12) Finally, we send out an END TRANSACTION step to all AMPs involved

in processing the request.

-> No rows are returned to the user as the result of statement 1.

The total estimated time is 1 minute and 9 seconds.

CPU Skew is >10.5. It should be below 2.0 atmost. How to get down to it.

4 REPLIES
Enthusiast

Re: Reduce CPU skew for an Update Query

The CPU Skew factor was found to be hovering between 10 and 12 while using the sqlqrylog and qrylog tables.

Anyone please advise if creating any other type of indexes on this table will help or if we can break down this query ?

Junior Supporter

Re: Reduce CPU skew for an Update Query

I will suggest to run different parts of the query. Say run the subtable creation first and see on viewpoint if the skew is more than 80-90 for a long time. If it is , then it means the join condition is skewed. Then do a grobp y on per_unit_country_code,Master_Cust_Nbr to see if there are any values/nulls etc that is causing the skew. The go to the update part and so forth. Need to analyze the data in different joins to find the reason for skew of the query.ttmp.BI_CUST_PNL seems to be a big table.

--Thx! Samir

Enthusiast

Re: Reduce CPU skew for an Update Query

Hi user2,

The Update query is designed fine.

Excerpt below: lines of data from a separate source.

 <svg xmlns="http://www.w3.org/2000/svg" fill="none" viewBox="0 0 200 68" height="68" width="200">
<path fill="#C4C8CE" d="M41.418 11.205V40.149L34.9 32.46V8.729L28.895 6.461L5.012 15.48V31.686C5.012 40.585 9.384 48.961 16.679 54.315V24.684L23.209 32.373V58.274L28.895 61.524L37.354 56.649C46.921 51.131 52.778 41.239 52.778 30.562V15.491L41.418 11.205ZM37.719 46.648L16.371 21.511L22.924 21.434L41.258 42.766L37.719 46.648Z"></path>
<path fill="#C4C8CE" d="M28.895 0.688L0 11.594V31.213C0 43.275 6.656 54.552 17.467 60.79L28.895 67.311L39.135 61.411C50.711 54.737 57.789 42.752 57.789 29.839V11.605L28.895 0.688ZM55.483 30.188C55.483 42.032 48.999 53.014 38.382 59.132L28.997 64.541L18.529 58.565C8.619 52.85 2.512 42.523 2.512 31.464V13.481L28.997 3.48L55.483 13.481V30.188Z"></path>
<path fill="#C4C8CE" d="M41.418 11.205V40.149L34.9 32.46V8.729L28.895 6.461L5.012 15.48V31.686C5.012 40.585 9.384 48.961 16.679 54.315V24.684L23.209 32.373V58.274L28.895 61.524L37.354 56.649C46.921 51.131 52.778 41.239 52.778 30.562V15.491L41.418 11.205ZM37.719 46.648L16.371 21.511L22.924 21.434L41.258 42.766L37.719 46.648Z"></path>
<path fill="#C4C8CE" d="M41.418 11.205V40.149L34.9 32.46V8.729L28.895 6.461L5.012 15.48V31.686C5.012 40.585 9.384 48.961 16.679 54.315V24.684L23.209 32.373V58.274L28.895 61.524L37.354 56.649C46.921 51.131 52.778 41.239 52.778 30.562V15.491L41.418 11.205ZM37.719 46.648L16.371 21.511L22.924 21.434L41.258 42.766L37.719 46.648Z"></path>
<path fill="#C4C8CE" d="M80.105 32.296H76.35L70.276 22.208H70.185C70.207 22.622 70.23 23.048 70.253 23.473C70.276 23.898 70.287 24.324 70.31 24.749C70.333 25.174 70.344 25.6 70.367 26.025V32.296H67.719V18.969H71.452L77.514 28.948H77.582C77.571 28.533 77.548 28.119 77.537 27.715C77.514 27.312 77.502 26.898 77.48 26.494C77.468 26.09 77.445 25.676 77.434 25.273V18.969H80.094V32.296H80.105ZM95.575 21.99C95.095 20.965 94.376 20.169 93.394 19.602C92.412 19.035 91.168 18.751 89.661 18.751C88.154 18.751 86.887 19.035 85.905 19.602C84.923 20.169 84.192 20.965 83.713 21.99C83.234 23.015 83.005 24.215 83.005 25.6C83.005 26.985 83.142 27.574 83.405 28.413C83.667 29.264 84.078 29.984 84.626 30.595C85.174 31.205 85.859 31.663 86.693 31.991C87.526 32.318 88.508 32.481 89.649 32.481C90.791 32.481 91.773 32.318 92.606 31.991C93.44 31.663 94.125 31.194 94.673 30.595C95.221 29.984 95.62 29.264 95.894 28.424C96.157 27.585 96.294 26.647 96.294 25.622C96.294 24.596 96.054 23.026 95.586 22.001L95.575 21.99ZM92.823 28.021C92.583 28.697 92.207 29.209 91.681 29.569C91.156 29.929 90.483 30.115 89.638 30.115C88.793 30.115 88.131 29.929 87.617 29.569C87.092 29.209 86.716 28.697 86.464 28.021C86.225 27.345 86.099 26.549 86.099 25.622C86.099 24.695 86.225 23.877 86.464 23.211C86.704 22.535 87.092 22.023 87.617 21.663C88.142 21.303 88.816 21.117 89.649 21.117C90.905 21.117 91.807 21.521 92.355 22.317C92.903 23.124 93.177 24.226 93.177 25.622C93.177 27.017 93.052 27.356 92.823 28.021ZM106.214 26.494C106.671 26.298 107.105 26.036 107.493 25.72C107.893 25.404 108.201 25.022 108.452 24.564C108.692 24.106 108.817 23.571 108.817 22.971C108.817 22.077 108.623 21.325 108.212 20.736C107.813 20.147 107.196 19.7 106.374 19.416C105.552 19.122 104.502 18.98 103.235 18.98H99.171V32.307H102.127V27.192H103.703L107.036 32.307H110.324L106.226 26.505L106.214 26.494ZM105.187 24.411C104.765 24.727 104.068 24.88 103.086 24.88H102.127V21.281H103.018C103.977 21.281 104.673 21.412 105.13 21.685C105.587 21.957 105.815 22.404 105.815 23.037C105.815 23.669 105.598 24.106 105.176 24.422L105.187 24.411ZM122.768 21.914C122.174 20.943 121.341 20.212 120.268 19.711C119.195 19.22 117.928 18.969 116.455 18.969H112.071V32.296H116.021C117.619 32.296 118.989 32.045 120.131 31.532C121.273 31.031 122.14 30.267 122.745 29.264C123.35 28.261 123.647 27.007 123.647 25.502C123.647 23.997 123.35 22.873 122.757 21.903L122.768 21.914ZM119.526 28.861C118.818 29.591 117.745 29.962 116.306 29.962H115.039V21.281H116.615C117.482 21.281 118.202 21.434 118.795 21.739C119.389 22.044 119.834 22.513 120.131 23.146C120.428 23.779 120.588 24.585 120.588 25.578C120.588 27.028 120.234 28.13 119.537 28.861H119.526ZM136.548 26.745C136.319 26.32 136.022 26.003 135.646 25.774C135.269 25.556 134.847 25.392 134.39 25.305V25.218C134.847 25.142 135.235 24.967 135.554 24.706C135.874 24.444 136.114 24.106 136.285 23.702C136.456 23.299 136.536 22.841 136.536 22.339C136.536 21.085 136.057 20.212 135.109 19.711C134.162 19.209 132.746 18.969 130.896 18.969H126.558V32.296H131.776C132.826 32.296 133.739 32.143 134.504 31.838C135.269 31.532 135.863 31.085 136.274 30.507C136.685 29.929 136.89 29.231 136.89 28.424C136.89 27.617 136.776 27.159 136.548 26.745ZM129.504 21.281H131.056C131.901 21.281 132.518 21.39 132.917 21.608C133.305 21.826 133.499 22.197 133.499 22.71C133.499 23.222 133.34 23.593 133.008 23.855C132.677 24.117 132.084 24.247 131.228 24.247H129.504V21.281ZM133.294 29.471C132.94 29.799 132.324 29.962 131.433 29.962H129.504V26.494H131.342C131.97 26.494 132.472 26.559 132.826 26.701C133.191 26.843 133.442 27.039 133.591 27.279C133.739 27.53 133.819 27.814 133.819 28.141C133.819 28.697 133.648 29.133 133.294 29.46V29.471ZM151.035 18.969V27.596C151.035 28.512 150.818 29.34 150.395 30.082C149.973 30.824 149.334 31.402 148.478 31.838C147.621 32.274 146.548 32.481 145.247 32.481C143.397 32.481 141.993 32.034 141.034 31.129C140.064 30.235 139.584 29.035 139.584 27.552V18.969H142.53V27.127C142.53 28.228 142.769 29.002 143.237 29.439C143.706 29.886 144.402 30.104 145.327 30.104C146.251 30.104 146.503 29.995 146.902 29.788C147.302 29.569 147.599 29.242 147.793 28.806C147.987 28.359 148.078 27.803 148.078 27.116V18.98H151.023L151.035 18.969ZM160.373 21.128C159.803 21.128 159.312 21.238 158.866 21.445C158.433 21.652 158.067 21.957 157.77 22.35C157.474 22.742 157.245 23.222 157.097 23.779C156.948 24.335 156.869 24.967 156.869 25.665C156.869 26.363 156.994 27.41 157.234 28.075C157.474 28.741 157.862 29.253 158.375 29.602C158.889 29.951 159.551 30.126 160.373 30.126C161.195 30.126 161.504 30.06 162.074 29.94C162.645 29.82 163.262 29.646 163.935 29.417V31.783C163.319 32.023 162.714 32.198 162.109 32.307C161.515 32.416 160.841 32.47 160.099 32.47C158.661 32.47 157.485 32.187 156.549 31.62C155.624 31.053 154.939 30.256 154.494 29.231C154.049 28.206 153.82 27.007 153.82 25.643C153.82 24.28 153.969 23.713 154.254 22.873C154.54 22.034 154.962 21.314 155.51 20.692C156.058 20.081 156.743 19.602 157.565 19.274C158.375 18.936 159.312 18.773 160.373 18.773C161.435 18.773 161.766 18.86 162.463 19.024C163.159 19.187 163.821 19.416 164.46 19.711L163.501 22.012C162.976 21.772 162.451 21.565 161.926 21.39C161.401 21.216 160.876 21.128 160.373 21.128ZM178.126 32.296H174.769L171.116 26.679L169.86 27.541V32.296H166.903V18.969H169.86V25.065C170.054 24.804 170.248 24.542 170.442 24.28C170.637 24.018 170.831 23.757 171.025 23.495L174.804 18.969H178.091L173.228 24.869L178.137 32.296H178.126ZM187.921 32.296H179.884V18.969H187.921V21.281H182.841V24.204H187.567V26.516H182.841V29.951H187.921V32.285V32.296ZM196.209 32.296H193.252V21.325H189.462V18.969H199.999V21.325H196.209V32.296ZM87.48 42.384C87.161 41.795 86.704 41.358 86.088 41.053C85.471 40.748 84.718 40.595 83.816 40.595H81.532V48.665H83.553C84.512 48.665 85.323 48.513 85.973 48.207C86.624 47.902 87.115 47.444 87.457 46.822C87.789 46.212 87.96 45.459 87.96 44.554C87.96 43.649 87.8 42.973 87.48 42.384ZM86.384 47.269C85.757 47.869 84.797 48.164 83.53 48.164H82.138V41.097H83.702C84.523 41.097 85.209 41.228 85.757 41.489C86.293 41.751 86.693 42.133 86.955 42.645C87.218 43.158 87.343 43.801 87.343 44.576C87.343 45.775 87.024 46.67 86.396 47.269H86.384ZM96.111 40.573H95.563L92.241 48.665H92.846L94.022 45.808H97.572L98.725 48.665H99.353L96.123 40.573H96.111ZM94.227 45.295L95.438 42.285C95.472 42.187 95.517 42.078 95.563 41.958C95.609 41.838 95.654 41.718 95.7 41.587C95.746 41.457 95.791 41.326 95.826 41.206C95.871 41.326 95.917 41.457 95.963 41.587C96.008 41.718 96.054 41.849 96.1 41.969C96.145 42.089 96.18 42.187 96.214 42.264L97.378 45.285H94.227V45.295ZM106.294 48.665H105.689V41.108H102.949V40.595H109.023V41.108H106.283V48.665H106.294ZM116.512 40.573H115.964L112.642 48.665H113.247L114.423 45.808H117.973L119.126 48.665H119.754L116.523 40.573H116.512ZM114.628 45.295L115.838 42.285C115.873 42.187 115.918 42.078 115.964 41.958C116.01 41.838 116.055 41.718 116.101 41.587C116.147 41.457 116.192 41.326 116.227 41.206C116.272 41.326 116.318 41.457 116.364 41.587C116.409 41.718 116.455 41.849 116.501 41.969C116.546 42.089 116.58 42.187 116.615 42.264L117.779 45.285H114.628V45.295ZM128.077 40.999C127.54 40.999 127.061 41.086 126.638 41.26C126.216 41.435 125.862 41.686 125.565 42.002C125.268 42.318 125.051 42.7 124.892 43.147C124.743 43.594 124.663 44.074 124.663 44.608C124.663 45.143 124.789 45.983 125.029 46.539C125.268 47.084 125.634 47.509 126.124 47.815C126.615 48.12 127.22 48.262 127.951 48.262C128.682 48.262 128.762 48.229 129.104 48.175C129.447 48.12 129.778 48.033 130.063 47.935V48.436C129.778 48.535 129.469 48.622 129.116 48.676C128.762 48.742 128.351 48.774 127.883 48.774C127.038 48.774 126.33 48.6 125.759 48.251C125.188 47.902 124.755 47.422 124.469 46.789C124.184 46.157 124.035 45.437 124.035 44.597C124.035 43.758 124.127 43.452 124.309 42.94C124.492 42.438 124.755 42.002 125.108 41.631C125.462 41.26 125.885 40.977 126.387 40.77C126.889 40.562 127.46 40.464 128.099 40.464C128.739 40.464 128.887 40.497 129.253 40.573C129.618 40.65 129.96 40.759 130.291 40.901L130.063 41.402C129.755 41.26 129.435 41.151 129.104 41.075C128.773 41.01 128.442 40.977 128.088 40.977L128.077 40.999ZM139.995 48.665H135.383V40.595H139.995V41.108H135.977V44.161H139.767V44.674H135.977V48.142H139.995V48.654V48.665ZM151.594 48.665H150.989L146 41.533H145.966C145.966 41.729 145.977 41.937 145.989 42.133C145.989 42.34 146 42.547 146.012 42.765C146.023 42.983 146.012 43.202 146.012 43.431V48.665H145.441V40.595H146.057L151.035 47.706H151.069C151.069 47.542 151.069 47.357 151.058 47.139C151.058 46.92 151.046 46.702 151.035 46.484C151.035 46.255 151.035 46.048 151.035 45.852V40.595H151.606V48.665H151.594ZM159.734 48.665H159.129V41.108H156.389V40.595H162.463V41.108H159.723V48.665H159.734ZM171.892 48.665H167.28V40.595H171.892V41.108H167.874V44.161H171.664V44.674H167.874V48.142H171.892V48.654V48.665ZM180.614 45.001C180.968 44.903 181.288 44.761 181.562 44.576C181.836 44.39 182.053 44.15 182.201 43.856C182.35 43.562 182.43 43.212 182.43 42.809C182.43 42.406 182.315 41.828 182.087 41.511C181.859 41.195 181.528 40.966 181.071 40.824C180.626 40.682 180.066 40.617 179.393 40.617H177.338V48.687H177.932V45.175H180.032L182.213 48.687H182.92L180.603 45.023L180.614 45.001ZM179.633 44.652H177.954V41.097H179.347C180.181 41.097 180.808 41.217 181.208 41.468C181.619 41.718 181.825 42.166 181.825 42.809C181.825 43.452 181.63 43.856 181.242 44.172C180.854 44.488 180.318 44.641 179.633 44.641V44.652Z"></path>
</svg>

It was that the data was skewed in the table with around 40.42%. After choosing different columns as the Primary Index for the table, the CPU skew came down to 1.37 and Skew factor to 7.8%.

 

Please tell me how to determine what are all the columns in a table that might be used frequently in joins (other than referring the logical data models) with other tables in order to determine the columns that can be used in the Primary Index along with columns that have more unique values?

Thanks

Chandra

Junior Supporter

Re: Reduce CPU skew for an Update Query

I think there is no direct way to take that out. I would suggest to take out queries that are run most number of times on that view/table and analyze them. Hope you know how to take them out by using logtable and query table.